商標法改正により料金を払わずに出願日を維持し続ける迷惑行為が不可能に
出願料金を支払わずに大量の勝手商標登録出願を繰り返す迷惑行為について既に書きました(「PPAP等の大量勝手商標出願問題について整理してみる」)。
特許庁への出願には所定の料金が必要ですが、仮に料金を払わなくても1カ月程度の猶与が与えられます。この親切制度を悪用して、料金を払わずに手当たり次第に出願を行なうことがこの迷惑行為のポイントです。料金を払わないことを理由として出願を却下してはいけないというのは商標条約の縛りなので、この規定を改正することは困難でした。
実は、この迷惑行為にはもうひとつの「裏技」がありました。先の記事では「模倣犯を防ぐために詳しくは書けない」と書いていた点です。本日(2018年6月9日)より施行される商標法改正によってこの裏技が実行不可能になりましたので、ようやくオープンな場で書くことができるようになりました(本記事を土曜日にアップしたのもそれが理由です)。

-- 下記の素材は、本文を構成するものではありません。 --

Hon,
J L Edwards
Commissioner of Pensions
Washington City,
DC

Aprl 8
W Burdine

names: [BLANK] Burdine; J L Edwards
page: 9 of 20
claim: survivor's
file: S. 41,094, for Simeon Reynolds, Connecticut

商標法には分割出願という規定があります。一つの出願の指定商品群を分けて複数の出願に分割できる制度です。たとえば、一部の商品群については登録が確実だが、その他の商品群について拒絶されるリスクがあるケース(特定の商品についてのみ既存の登録と類似する可能性がある場合等)に便利です。この場合、登録を目指して特許庁と争っていると出願全体の登録が遅延してしまいますので、登録が確実な商品群だけを分割して別出願として先に登録してしまい、残った商品群について特許庁と争うことができます。

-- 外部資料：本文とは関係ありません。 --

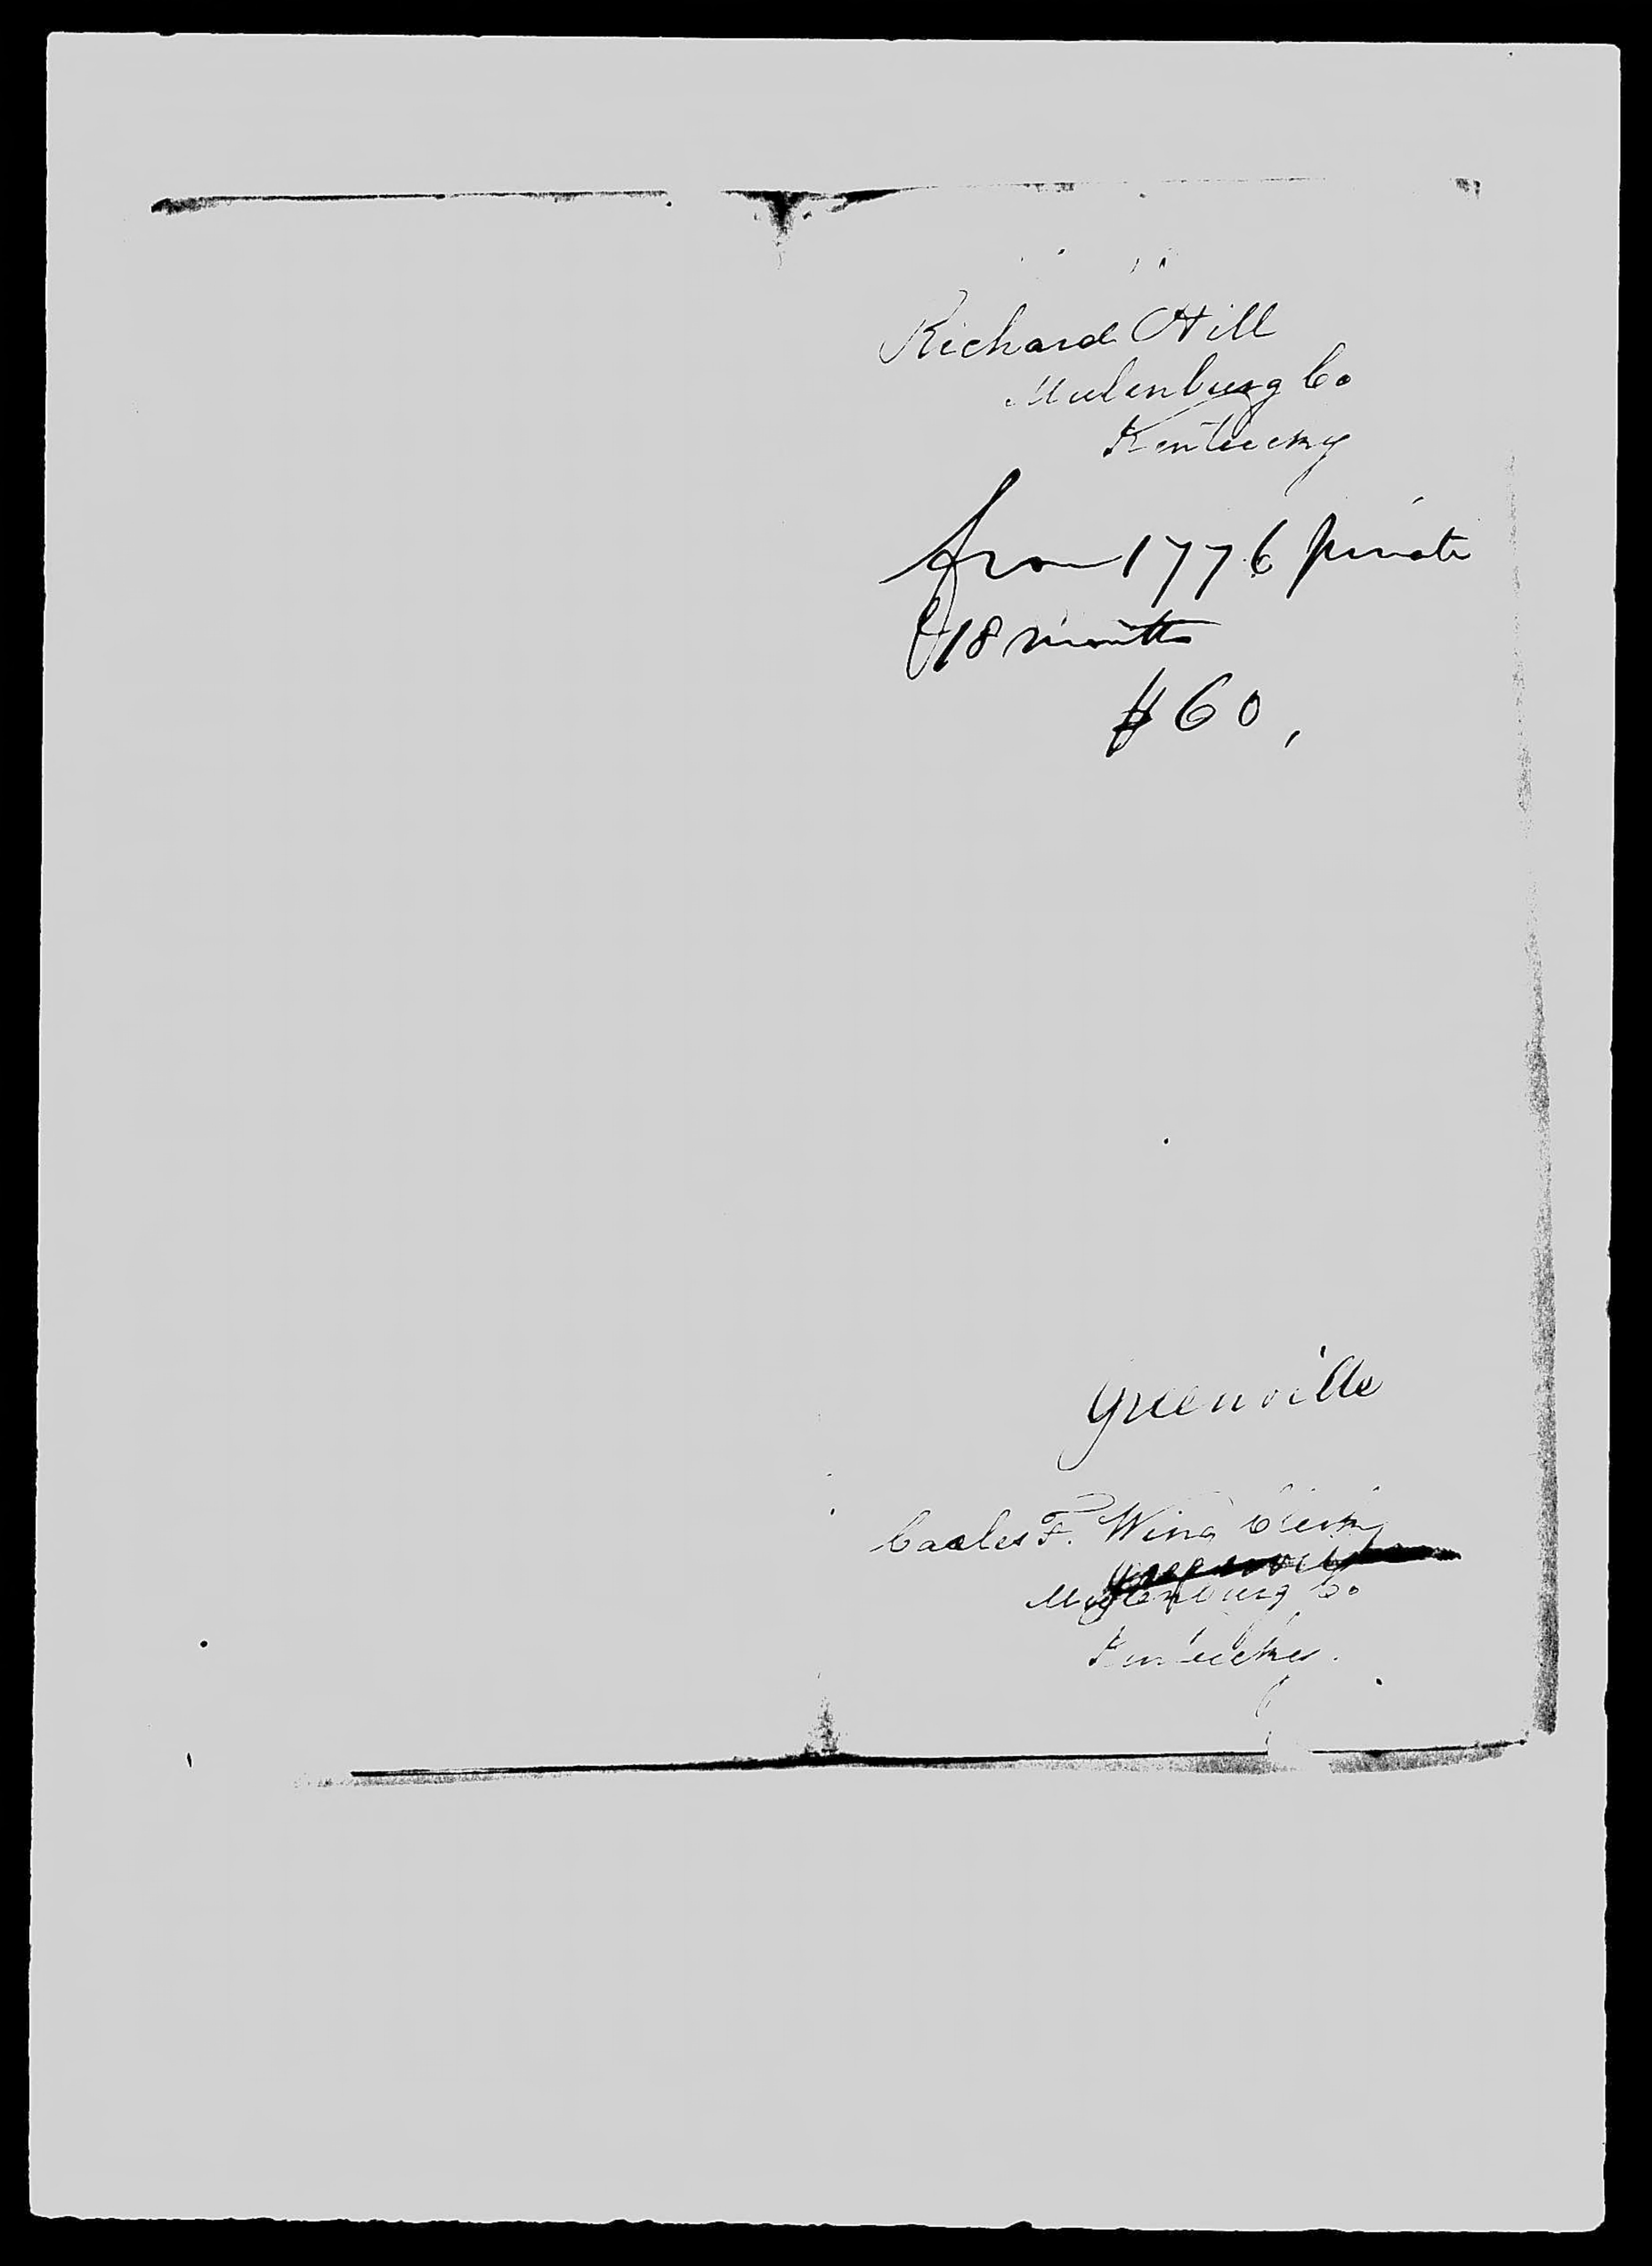Richard Hill 
Mulenburg Co [Muhlenberg County]
Kentucky 
from 1776 private 18 month 
$60 

Greenville

Carles F. Wing Clerk 
Mulenburgh Co [Muhlenberg County] Kentucky

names: Richard Hill, Carles F Wing
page: 12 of 27
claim: rejected
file: R. 5006, Richard Hill, N.C.

ここで、分割した出願(子出願)の出願日は元の出願(親出願)と同じ日として扱われますので、今まではこれを悪用することが可能でした。たとえば2018年1月1日に料金を払わずに出願をしたとします。料金を払えという補正指令が来るのを無視していると数カ月後に手続却下の処分が下りますが、却下される直前に(料金を払わずに)分割出願をすれば、2018年1月1日という出願日をキープしたまま出願をペンディング状態にできます。この分割出願にも料金を払えという補正指令が来ますが、それも同様に無視して却下される直前にまた分割出願するという繰り返しが可能でした。これらの勝手分割出願の実効出願日は2018年1月1日のままですので、たとえば、本来の権利者の出願が2018年1月2日に行なわれていたとしても、その出願は長期的に悪影響を受けることになってしまいます。

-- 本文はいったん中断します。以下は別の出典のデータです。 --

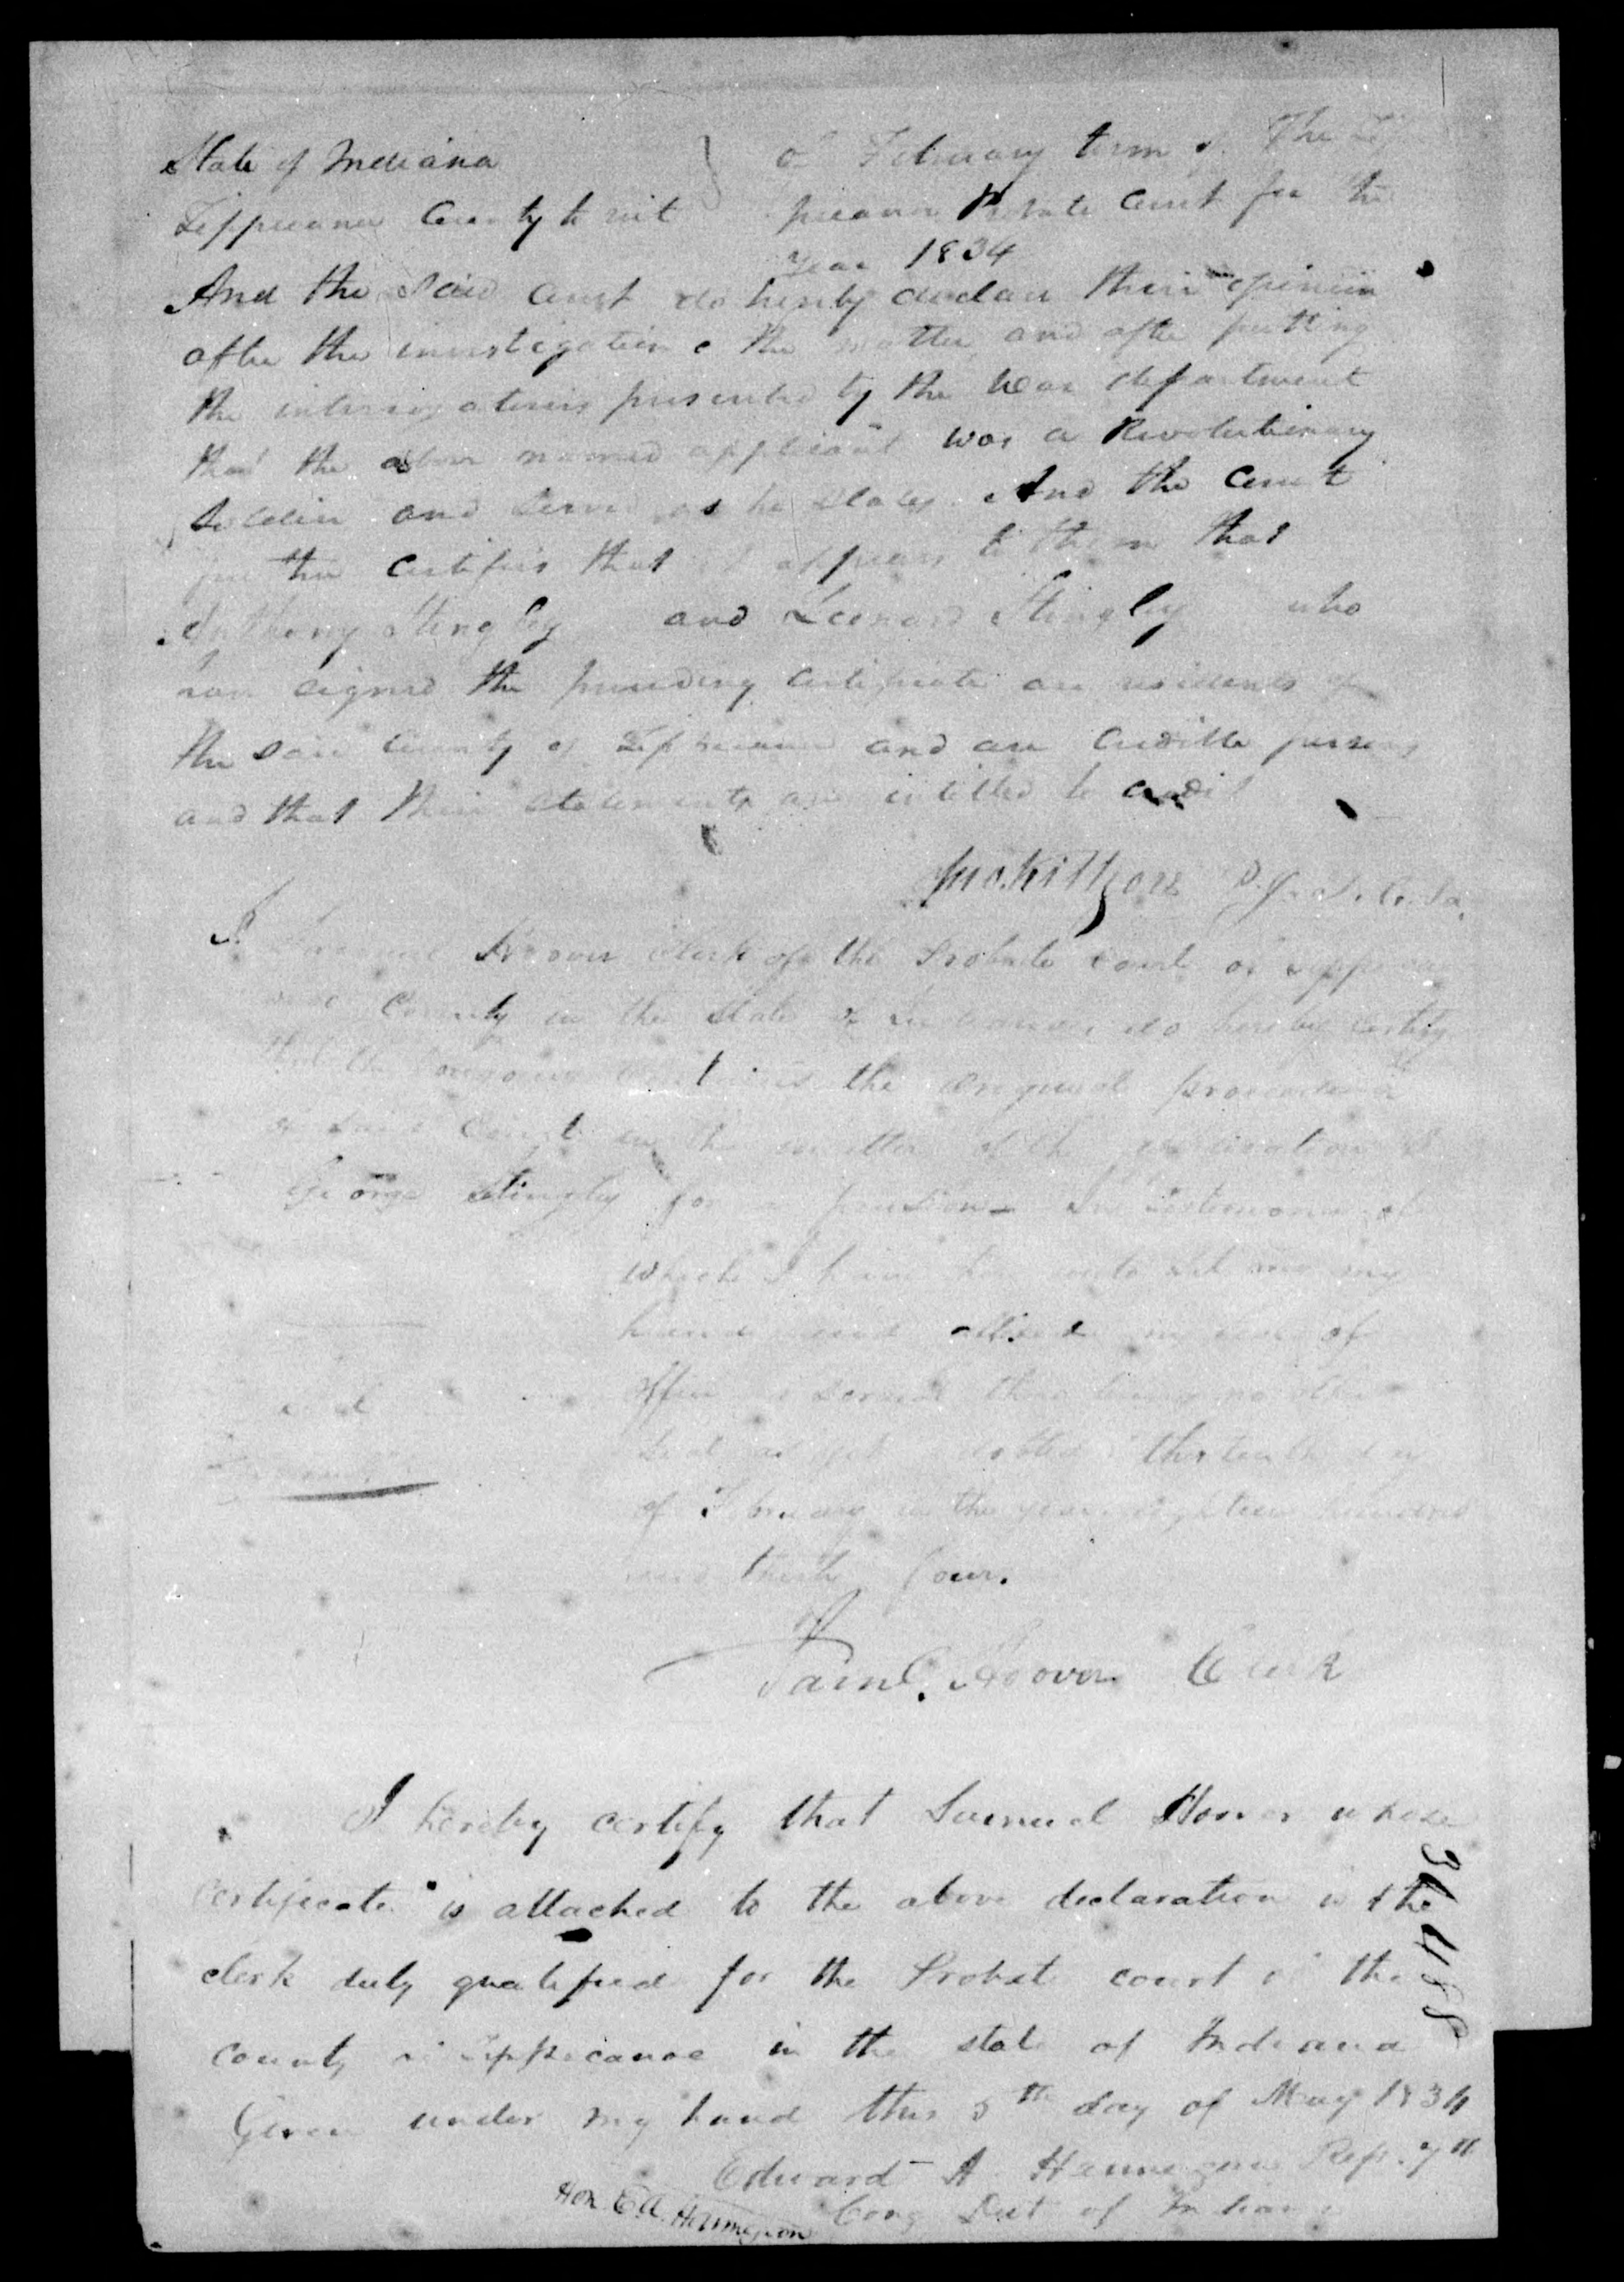State of Indiana
Tippecanoe County to wit}

of February term of The [illegible]
[illegible] Probate Court of the
year 1834
And the said court do hereby declare their opinion
of the investigation [illegible] the matter and of the putting
the interrogations presented by the War department
that above named applicant was a Revolutionary
Soldier and Served as he states. And the court
further Certifies that it appears to them that
Anthony Stingley and Leonard Stingley who
have signed the providing certificate and residents of
the said County of Tippecanoe and are Credible persons
and that their Statements are intitled to credit

[illegible] 

I Samuel Hoover Clerk of the Probate Court of Tippecanoe
said County in the State of Indiana  hereby certify
that the foregoing contained the original proceedings
of Said Court in the matter of the application of
George Stingley for a pension - In testimony of
which I have here unto set my 
hand and affixed my seal of 
office a served [illegible] having no other
Seal [illegible] this tenth day
of February in the year Eighteen hundred
thirty four.

Sam.l Hoover Clerk

I hereby certify that Samuel Hoover whose
certificate is attached to the above declaration in the
clerk duly qualified for the Probate court of the
county of Tippecanoe in the state of Indiana
Given under my hand this 5th day of May 1834

Edward A Hannegan Rep 7th
Cong Act of Indiana

Hon. E.A. Harrington

[following written on right side margin, perpendicular to the above:]
30.488

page: 6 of 12
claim: survivor's
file: S. 32543, for George Stingley, Virginia

今回の商標法改正において、親出願に料金が支払われていない時は子出願の出願日の遡及が行なわれないようになりました(最初からそうしておけば良かったのにと思いますがこういう迷惑行為は想定外だったのでしょう)。タイトル画像に示されているように親出願が料金未納で却下になると出願がなかったことになり、分割出願の出願日も遡らなくなりますので、後願の正規の出願が優先されるようになります。なお、施行日(2018年6月9日)以前にされた出願については、この改正は適用されませんので問題は残ります。
もちろん、この改正でも普通に料金を支払う勝手出願が防げるわけではありませんので、早め早めの出願が重要である点には変わりはありません。しかし、少なくとも、料金を一切払わないで(つまり、ノーリスクで)大量の出願の出願日をほぼ永遠に維持し続けるという迷惑行為は実行不可能になったわけです。